The film, called Relentless Ride documents two years of the Arkansas High Country Race, the 1,037-mile race that makes its way through some of the toughest terrain on gravel roads throughout some of the most remote areas of the state.

The race got its start in 2019 with a course that follows a loop through areas of the northwest corner of the state into west-central Arkansas on roughly half paved and half gravel/dirt surfaces. The idea behind the event is to test the limits of what the human body can endure, and according to the website, less than half of those who start the race are able to finish it.

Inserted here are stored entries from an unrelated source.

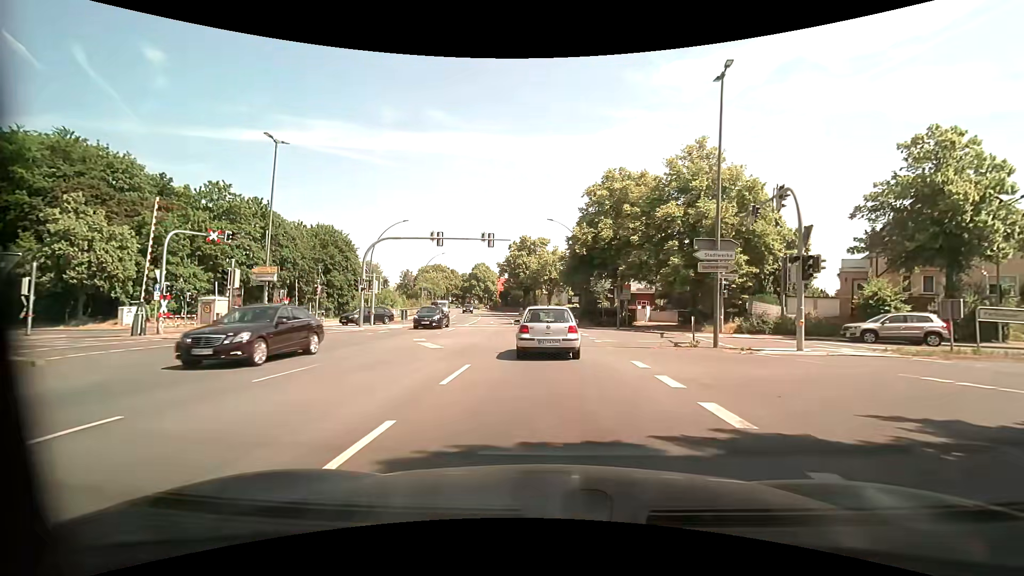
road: primary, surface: asphalt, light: Day
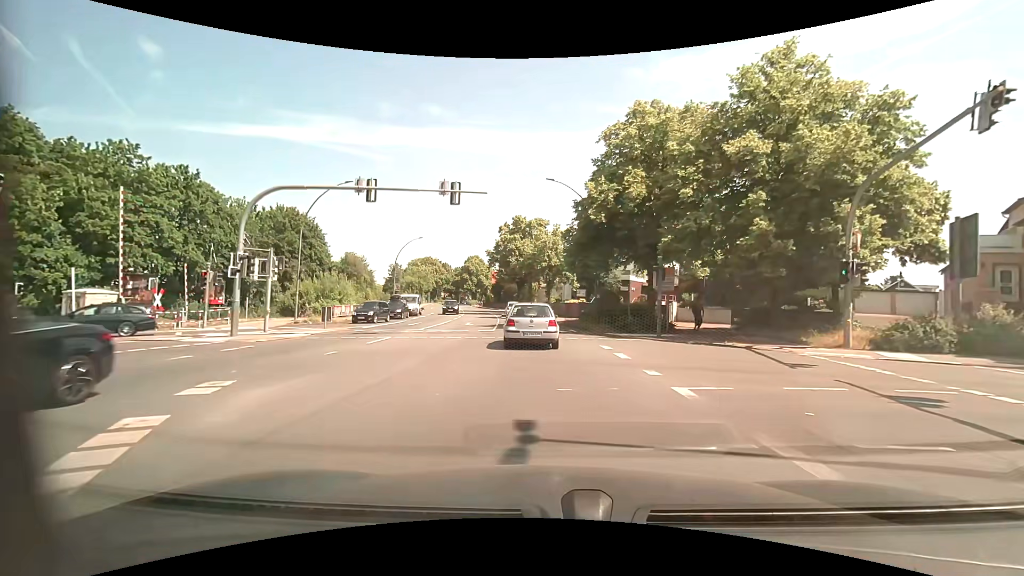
(+0.2, +13.9) m; +1°
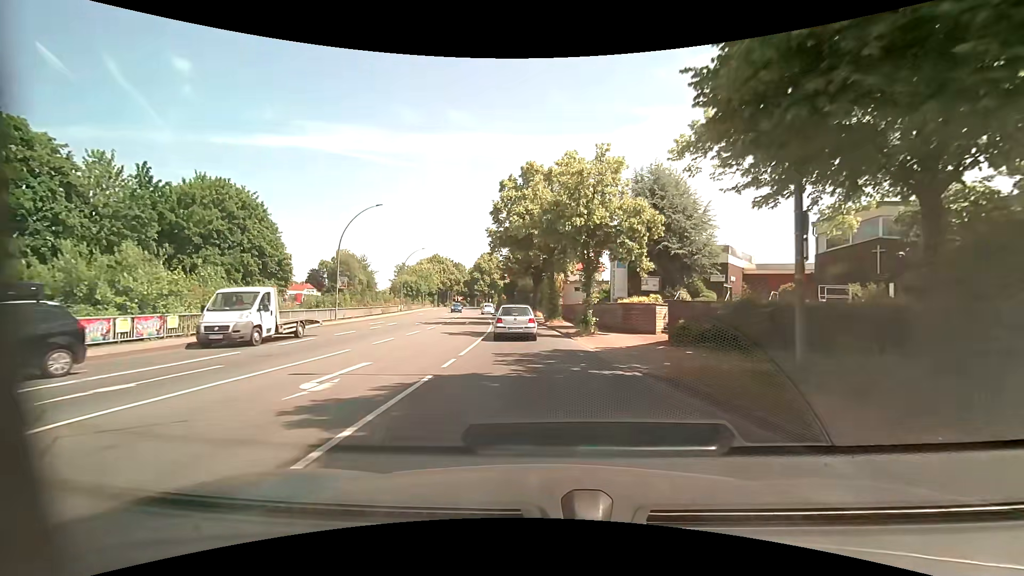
(-0.4, +24.6) m; -3°
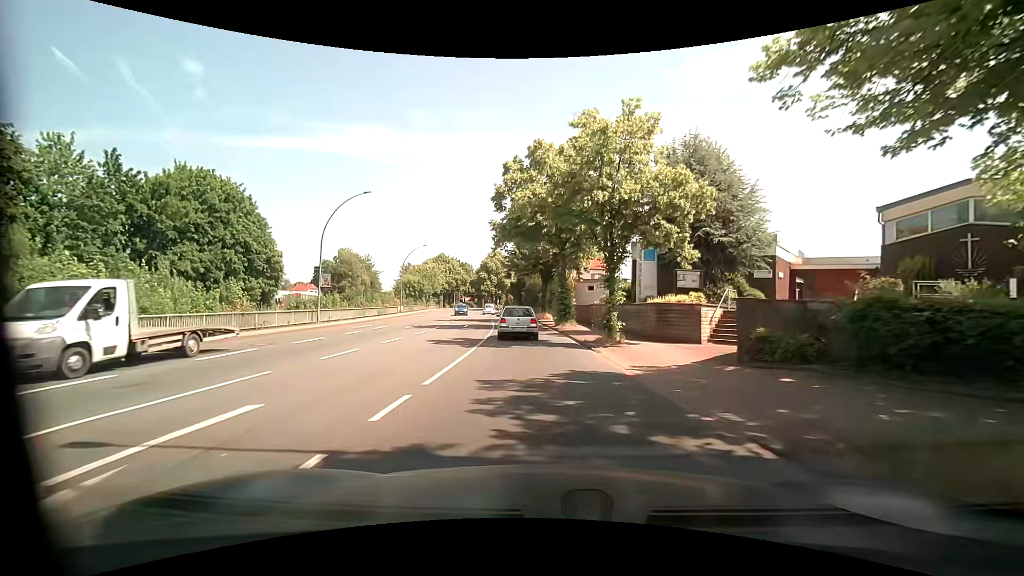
(0.0, +5.2) m; -1°
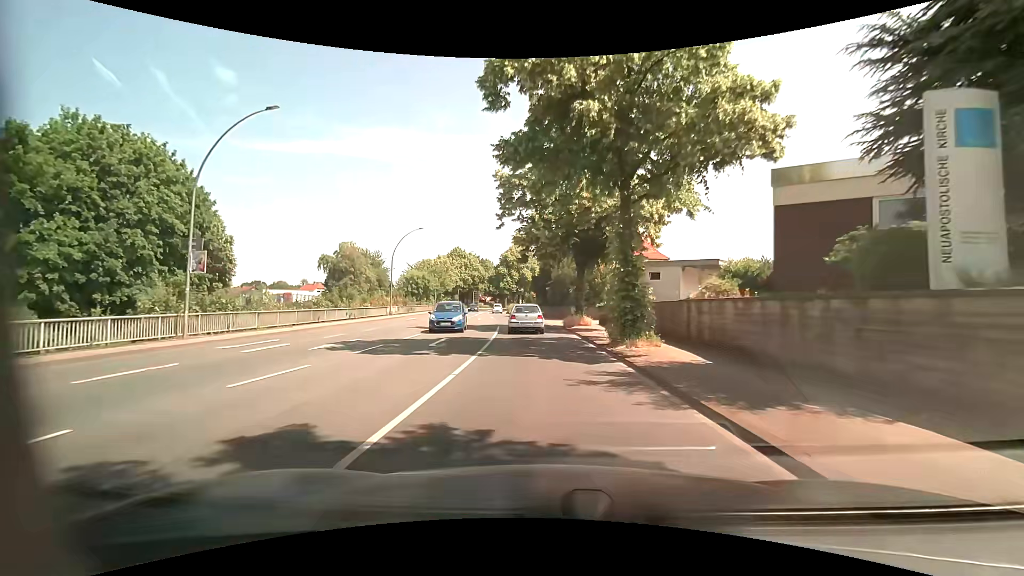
(-0.4, +16.7) m; -3°
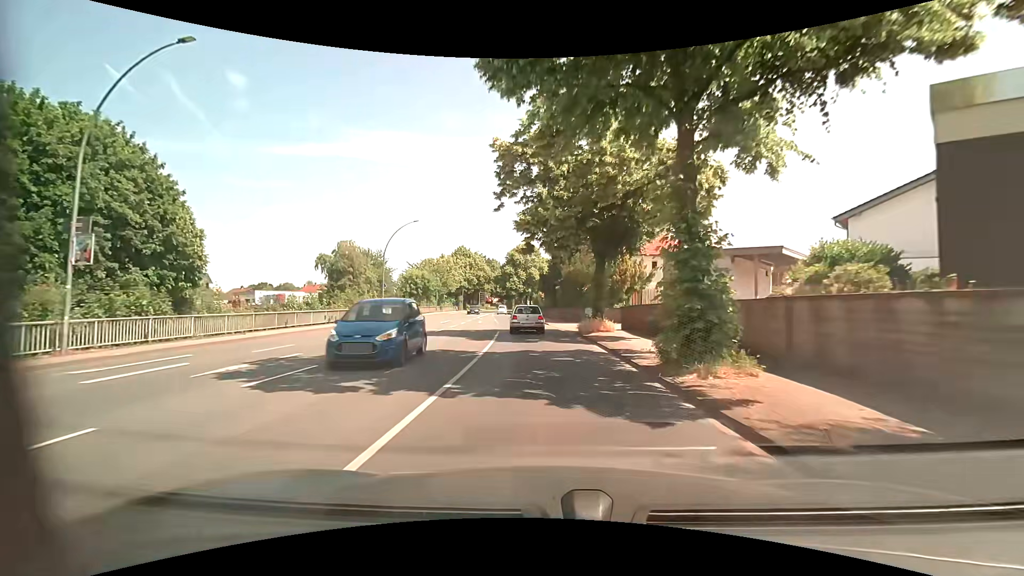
(-0.1, +6.0) m; -2°
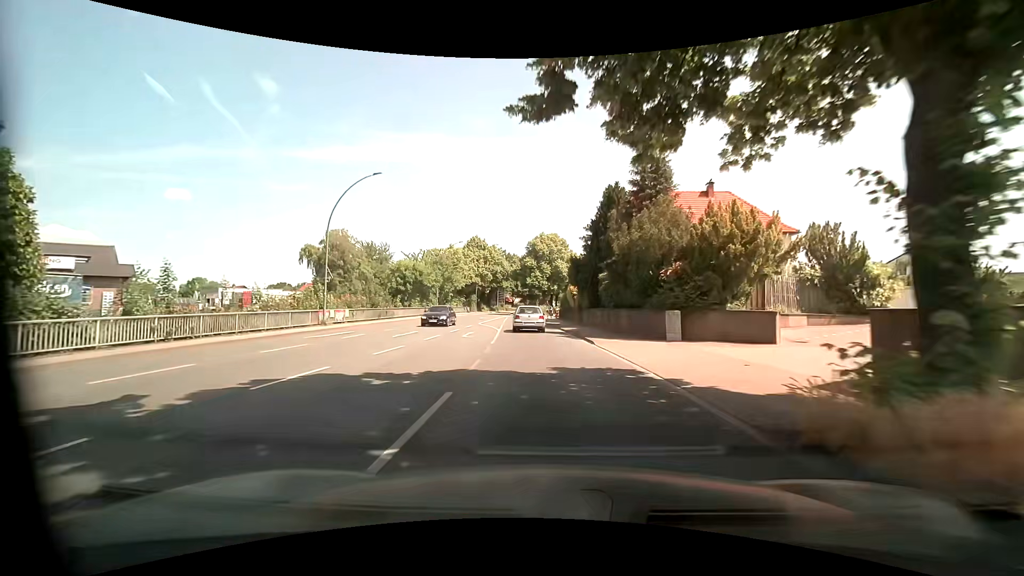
(-0.1, +19.0) m; -2°
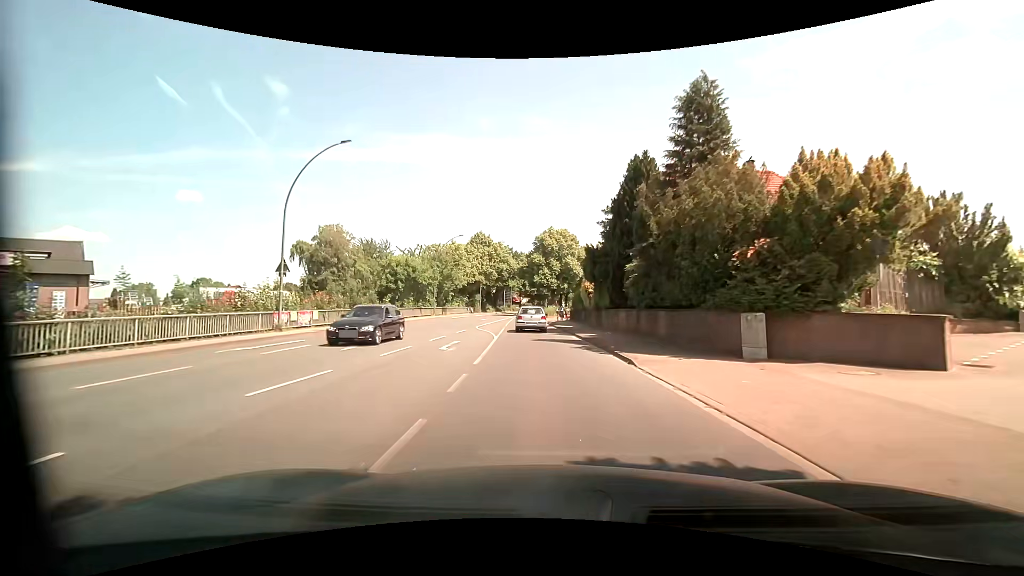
(0.0, +6.6) m; +1°
(0, +10) (-1, +20) (-1, +30) (-2, +40) (-3, +50) (-3, +60) (-4, +70) (-4, +80) (-4, +90) (-4, +100) m

Local filmmakers Brian Hill and Adam Harbottle of Kombi Creative got the idea for the documentary after the 2020 event. The start line for the race that year had been moved from Little Rock to Fayetteville, and former WorldTour cyclist Ted King entered the field adding intrigue to the event.

“Adam and I are always looking for unique opportunities to use our cameras and see what kind of project comes from it,” Hill said. So Adam came to me and said he either wanted to film the race in 2021 or ride the race. Without hesitation, I knew the people that took on this challenge had to have interesting backstories.”

( Nate Friend)

Relentless Ride follows male and female riders competing in the 2021 race, documenting the athletes before, during, and after the competition. To begin, they contacted race director Chuck Campbell to get his blessing, and to discuss the parameters of dos and don’ts for covering the race. After getting the go-ahead from Craig, they began to seek out athletes to follow.

“With (Campbell’s) blessing and the blessing of Experience Fayetteville, we contacted every athlete that registered via email and asked if we could do a Zoom call with them to learn about their story,” Hill said. “We knew none of the athletes beforehand. Hours and hours of calls later, we started picking up our cameras and traveling to athletes to get their backstories.”

( Nate Friend)

The race itself is brutal. Competitors ride at their own pace over the course of several days, covering as much mileage as they can while also managing their supplies, sleeping when they can wherever they can, often in a ditch on the side of the road for just a few hours at a time.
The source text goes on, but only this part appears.